____ SUPPLIED MATERIAL

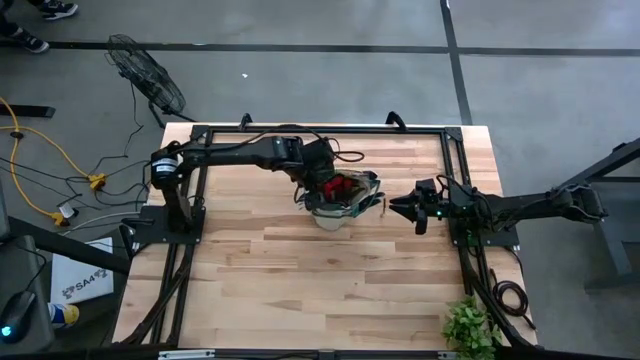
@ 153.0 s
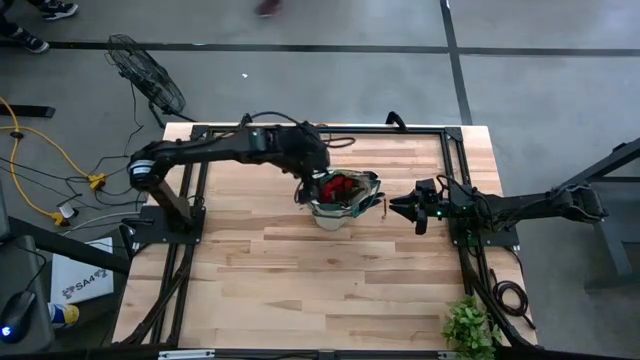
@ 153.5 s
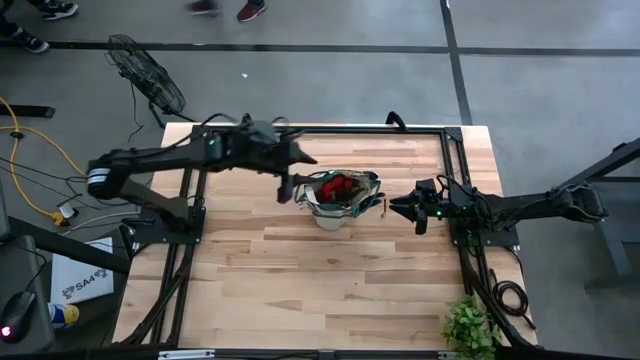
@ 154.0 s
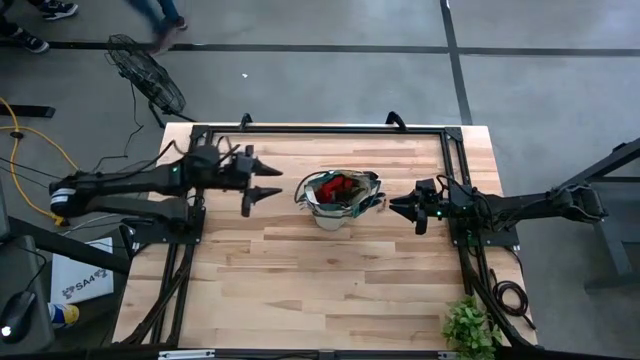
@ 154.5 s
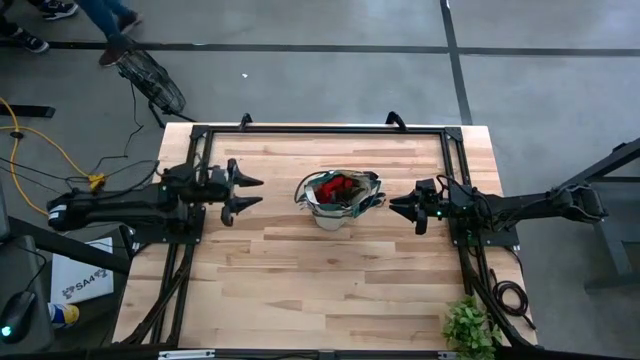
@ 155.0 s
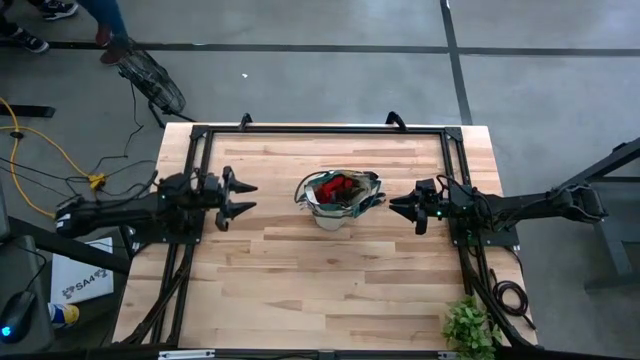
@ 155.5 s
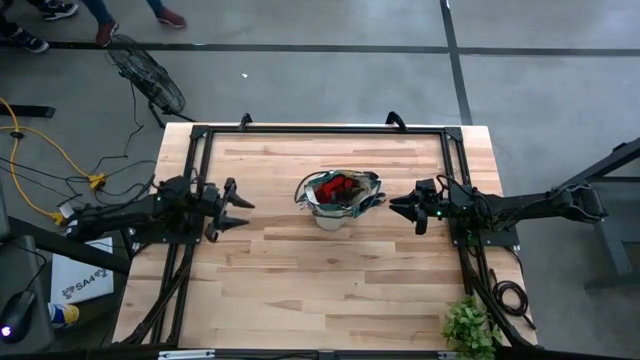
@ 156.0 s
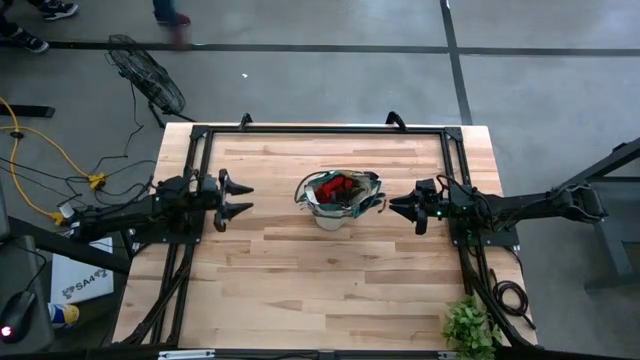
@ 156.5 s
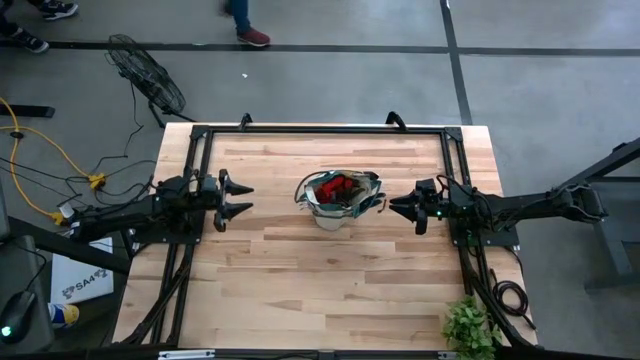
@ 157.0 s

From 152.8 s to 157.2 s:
Return to Home Position

________

▸ **AIM OF THE TASK**:
Output the records exactly, and let none of their pictures appear in the copy.

▸ **ANSWER BOX**:
@ 153.0 s
@ 153.5 s
@ 154.0 s
@ 154.5 s
@ 155.0 s
@ 155.5 s
@ 156.0 s
@ 156.5 s
@ 157.0 s

From 152.8 s to 157.2 s:
Return to Home Position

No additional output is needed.